Our goal in revolution is to create a world of greater happiness, so let’s give some thought to what really makes us happy. Buddha warned us not to get too caught up with material possessions. It’s true that we need a few essentials, such as food and shelter. But beyond that, sociologists have found, additional possessions are just encumbrances, and barriers that separate us from one another.

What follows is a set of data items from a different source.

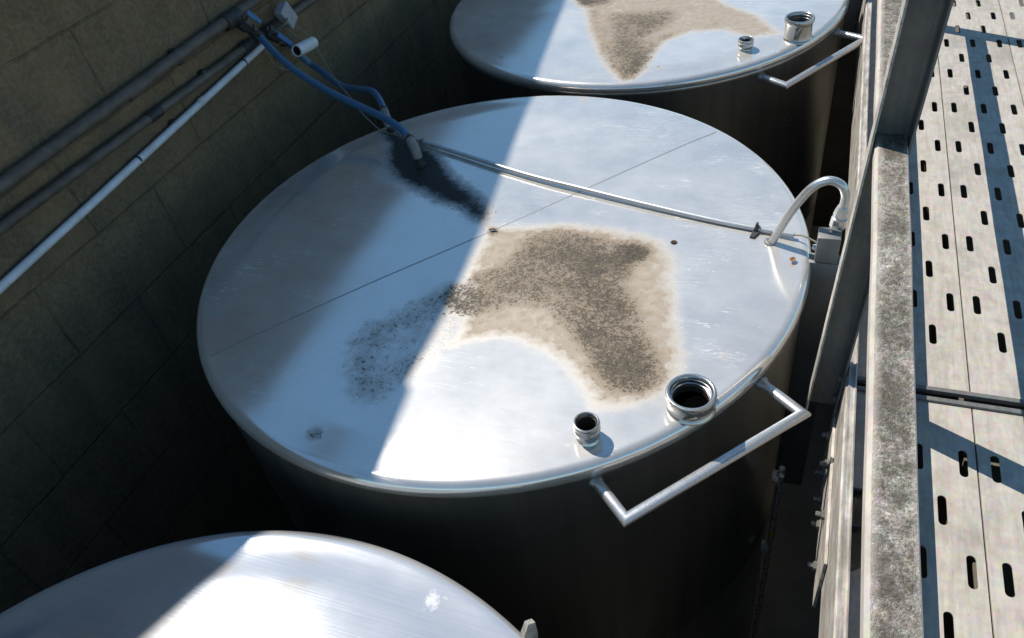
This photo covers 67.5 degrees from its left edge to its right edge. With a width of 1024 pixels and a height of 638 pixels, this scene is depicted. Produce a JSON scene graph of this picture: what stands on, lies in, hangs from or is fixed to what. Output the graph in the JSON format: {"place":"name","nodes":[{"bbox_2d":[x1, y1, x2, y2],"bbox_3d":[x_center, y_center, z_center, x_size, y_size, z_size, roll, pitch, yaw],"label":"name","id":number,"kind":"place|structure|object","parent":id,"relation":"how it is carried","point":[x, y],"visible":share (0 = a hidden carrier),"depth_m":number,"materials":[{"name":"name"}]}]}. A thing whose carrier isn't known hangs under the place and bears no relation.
{"place":"outdoors","nodes":[
{"label":"outdoors","id":0,"kind":"place"},
{"bbox_2d":[749,225,845,637],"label":"pit floor","id":1,"kind":"structure","parent":0,"point":[788,610],"depth_m":4.03,"materials":[{"name":"concrete"}]},
{"bbox_2d":[0,530,537,637],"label":"storage tank","id":2,"kind":"object","parent":1,"relation":"on","point":[271,584],"visible":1,"depth_m":1.83,"materials":[{"name":"silver metal"}]},
{"bbox_2d":[196,96,850,637],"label":"storage tank","id":3,"kind":"object","parent":1,"relation":"on","point":[552,410],"visible":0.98,"depth_m":2.25,"materials":[{"name":"silver metal"}]},
{"bbox_2d":[378,132,496,213],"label":"leaf litter","id":4,"kind":"object","parent":3,"relation":"on","point":[434,177],"visible":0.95,"depth_m":2.85,"materials":[{"name":"brown plant"}]},
{"bbox_2d":[415,137,816,242],"bbox_3d":[0.255,-0.465,2.673,1.612,0.035,0.061,21,50,30],"label":"steel conduit","id":5,"kind":"object","parent":3,"relation":"on","point":[757,228],"visible":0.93,"depth_m":2.59,"materials":[{"name":"silver metal"}]},
{"bbox_2d":[776,227,841,484],"bbox_3d":[0.997,0.186,2.593,0.104,1.193,0.055,8,45,19],"label":"control box","id":6,"kind":"object","parent":3,"relation":"attached to","point":[824,259],"visible":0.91,"depth_m":2.48,"materials":[{"name":"grey plastic"}]},
{"bbox_2d":[449,0,862,237],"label":"storage tank","id":7,"kind":"object","parent":1,"relation":"on","point":[757,77],"visible":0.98,"depth_m":3.50,"materials":[{"name":"silver metal"}]},
{"bbox_2d":[1009,0,1023,18],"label":"ground","id":8,"kind":"structure","parent":0,"point":[1021,3],"depth_m":8.35,"materials":[{"name":"grey concrete"}]},
{"bbox_2d":[0,0,464,612],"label":"concrete wall","id":9,"kind":"structure","parent":8,"relation":"on","point":[120,434],"depth_m":2.97,"materials":[{"name":"grey concrete"}]},
{"bbox_2d":[0,37,256,235],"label":"wall pipe","id":10,"kind":"object","parent":9,"relation":"attached to","point":[246,46],"depth_m":2.74,"materials":[{"name":"grey metal"}]},
{"bbox_2d":[0,0,264,196],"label":"wall pipe","id":11,"kind":"object","parent":9,"relation":"attached to","point":[42,155],"depth_m":2.71,"materials":[{"name":"grey metal"}]},
{"bbox_2d":[236,10,261,36],"bbox_3d":[-1.110,-1.240,3.232,0.102,0.148,0.114,8,45,19],"label":"water valve","id":12,"kind":"object","parent":11,"relation":"attached to","point":[246,25],"visible":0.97,"depth_m":3.22,"materials":[{"name":"grey metal"}]},
{"bbox_2d":[257,34,425,167],"bbox_3d":[-0.707,-0.914,3.134,1.004,0.341,0.072,29,55,35],"label":"blue hose","id":13,"kind":"object","parent":12,"relation":"attached to","point":[410,140],"visible":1,"depth_m":3.11,"materials":[{"name":"rubber"}]},
{"bbox_2d":[0,43,264,294],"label":"wall pipe","id":14,"kind":"object","parent":9,"relation":"attached to","point":[14,274],"depth_m":2.77,"materials":[{"name":"white plastic"}]},
{"bbox_2d":[251,0,317,44],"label":"wall pipe","id":15,"kind":"object","parent":9,"relation":"attached to","point":[301,7],"depth_m":3.55,"materials":[{"name":"grey metal"}]},
{"bbox_2d":[263,25,292,45],"bbox_3d":[-1.027,-1.254,3.397,0.126,0.109,0.105,23,52,32],"label":"water valve","id":16,"kind":"object","parent":15,"relation":"attached to","point":[273,34],"visible":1,"depth_m":3.37,"materials":[{"name":"blue metal"}]},
{"bbox_2d":[285,42,395,132],"bbox_3d":[-0.736,-1.051,3.359,0.125,0.248,0.771,-36,48,-26],"label":"blue hose","id":17,"kind":"object","parent":16,"relation":"attached to","point":[373,92],"visible":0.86,"depth_m":3.42,"materials":[{"name":"rubber"}]},
{"bbox_2d":[274,1,297,28],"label":"junction box","id":18,"kind":"object","parent":9,"relation":"attached to","point":[283,10],"visible":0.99,"depth_m":3.43,"materials":[{"name":"grey plastic"}]},
{"bbox_2d":[277,17,287,29],"bbox_3d":[-1.025,-1.312,3.421,0.075,0.044,0.034,-29,45,-19],"label":"cable","id":19,"kind":"object","parent":18,"relation":"attached to","point":[282,25],"visible":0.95,"depth_m":3.42,"materials":[{"name":"black rubber"}]},
{"bbox_2d":[295,25,402,136],"bbox_3d":[-0.696,-1.029,3.291,0.074,0.285,0.936,-30,46,-21],"label":"cable","id":20,"kind":"object","parent":18,"relation":"hanging from","point":[344,90],"visible":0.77,"depth_m":3.38,"materials":[{"name":"rubber"}]},
{"bbox_2d":[265,48,307,70],"bbox_3d":[-1.023,-1.204,3.510,0.023,0.164,0.200,23,52,31],"label":"cable","id":21,"kind":"object","parent":9,"relation":"attached to","point":[279,67],"visible":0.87,"depth_m":3.47,"materials":[{"name":"black rubber"}]},
{"bbox_2d":[280,37,317,56],"bbox_3d":[-0.997,-1.256,3.531,0.158,0.075,0.148,8,45,19],"label":"white tube","id":22,"kind":"object","parent":9,"relation":"attached to","point":[305,46],"visible":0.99,"depth_m":3.49,"materials":[{"name":"plastic"}]},
{"bbox_2d":[812,23,858,227],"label":"retaining wall","id":23,"kind":"structure","parent":8,"relation":"on","point":[836,158],"depth_m":5.49,"materials":[{"name":"concrete"}]},
{"bbox_2d":[807,0,871,637],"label":"edge channel","id":24,"kind":"object","parent":23,"relation":"attached to","point":[830,566],"visible":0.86,"depth_m":1.88,"materials":[{"name":"grey metal"}]},
{"bbox_2d":[843,0,862,32],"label":"steel post","id":25,"kind":"object","parent":24,"relation":"attached to","point":[852,17],"visible":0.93,"depth_m":3.70,"materials":[{"name":"grey metal"}]},
{"bbox_2d":[873,0,902,121],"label":"guard rail","id":26,"kind":"object","parent":25,"relation":"attached to","point":[888,12],"visible":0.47,"depth_m":1.87,"materials":[{"name":"grey metal"}]},
{"bbox_2d":[805,0,953,417],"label":"steel post","id":27,"kind":"object","parent":24,"relation":"attached to","point":[918,39],"visible":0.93,"depth_m":1.61,"materials":[{"name":"grey metal"}]},
{"bbox_2d":[860,134,923,637],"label":"guard rail","id":28,"kind":"object","parent":27,"relation":"attached to","point":[891,605],"visible":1,"depth_m":1.04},
{"bbox_2d":[857,0,968,401],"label":"deck plank","id":29,"kind":"object","parent":24,"relation":"attached to","point":[941,362],"visible":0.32,"depth_m":2.33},
{"bbox_2d":[848,391,992,637],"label":"deck plank","id":30,"kind":"object","parent":24,"relation":"attached to","point":[945,435],"visible":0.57,"depth_m":1.70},
{"bbox_2d":[850,487,862,570],"bbox_3d":[0.769,0.451,1.698,0.028,0.055,0.220,8,45,19],"label":"rail bracket","id":31,"kind":"object","parent":30,"relation":"on","point":[856,540],"visible":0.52,"depth_m":1.70,"materials":[{"name":"grey metal"}]},
{"bbox_2d":[857,1,1023,637],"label":"retaining wall","id":32,"kind":"structure","parent":8,"relation":"on","point":[971,563],"depth_m":2.47,"materials":[{"name":"concrete"}]},
{"bbox_2d":[938,0,1023,401],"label":"deck plank","id":33,"kind":"object","parent":32,"relation":"on","point":[992,369],"visible":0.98,"depth_m":2.56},
{"bbox_2d":[944,40,1021,61],"bbox_3d":[2.039,-1.206,3.445,0.816,0.108,0.060,8,45,19],"label":"deck joist","id":34,"kind":"object","parent":32,"relation":"on","point":[972,43],"depth_m":3.40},
{"bbox_2d":[998,0,1023,104],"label":"deck plank","id":35,"kind":"object","parent":34,"relation":"on","point":[1014,28],"visible":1,"depth_m":3.31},
{"bbox_3d":[0.693,1.542,0.715,0.816,0.108,0.060,8,45,19],"label":"deck joist","id":36,"kind":"object","parent":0,"visible":0},
{"bbox_2d":[971,409,1023,637],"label":"deck plank","id":37,"kind":"object","parent":36,"relation":"on","point":[999,436],"visible":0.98,"depth_m":1.71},
{"bbox_2d":[857,376,1023,415],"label":"joint strip","id":38,"kind":"object","parent":37,"relation":"on","point":[969,395],"depth_m":1.94,"materials":[{"name":"grey metal"}]}
]}

The separation of my property from yours might seem harmless, because we’re accustomed to it. But it has been our undoing, for it generates the illusion that our lives are separate, that my happiness and well being need not be your concern. Other people become our rivals and potential threats, and this makes us less happy. Empathy is replaced with apathy and sociopathy. Externalized costs become possible, and cause great damage. What protects the world, and also makes us happier, it turns out, is to see other people as friends. Buddha advised us to treasure our connections with other living beings.

We imagine that having more money will give us some degree of control over our lives, and will make us feel secure, but it doesn’t. It’s not reliable. All that money won’t do us any good if the economy collapses, or if we’re put in prison when the political wind changes, or if our health fails. Absolute security is not possible in this world, and the pursuit of it just makes us feel less secure. However much we get, we’re going to want more. For instance, my tiny little retirement income is enough for me to get by, but now I’m worried about my planet’s ecosystem. Buddha advised us to learn to live with some uncertainty in our lives. “Life is like a surfboard,” he might have said, if he had lived near a good beach.

Buddha also warned us to beware of dichotomies, many of which are illusions — particularly the dichotomy between what is inside us and what is outside us.

The delusion that we humans are separate from nature is one of the reasons the ecosystem is dying. And the delusion that “those people are different from me” — racism, sexism, homophobia, xenophobia, etc.– is a cause of great suffering.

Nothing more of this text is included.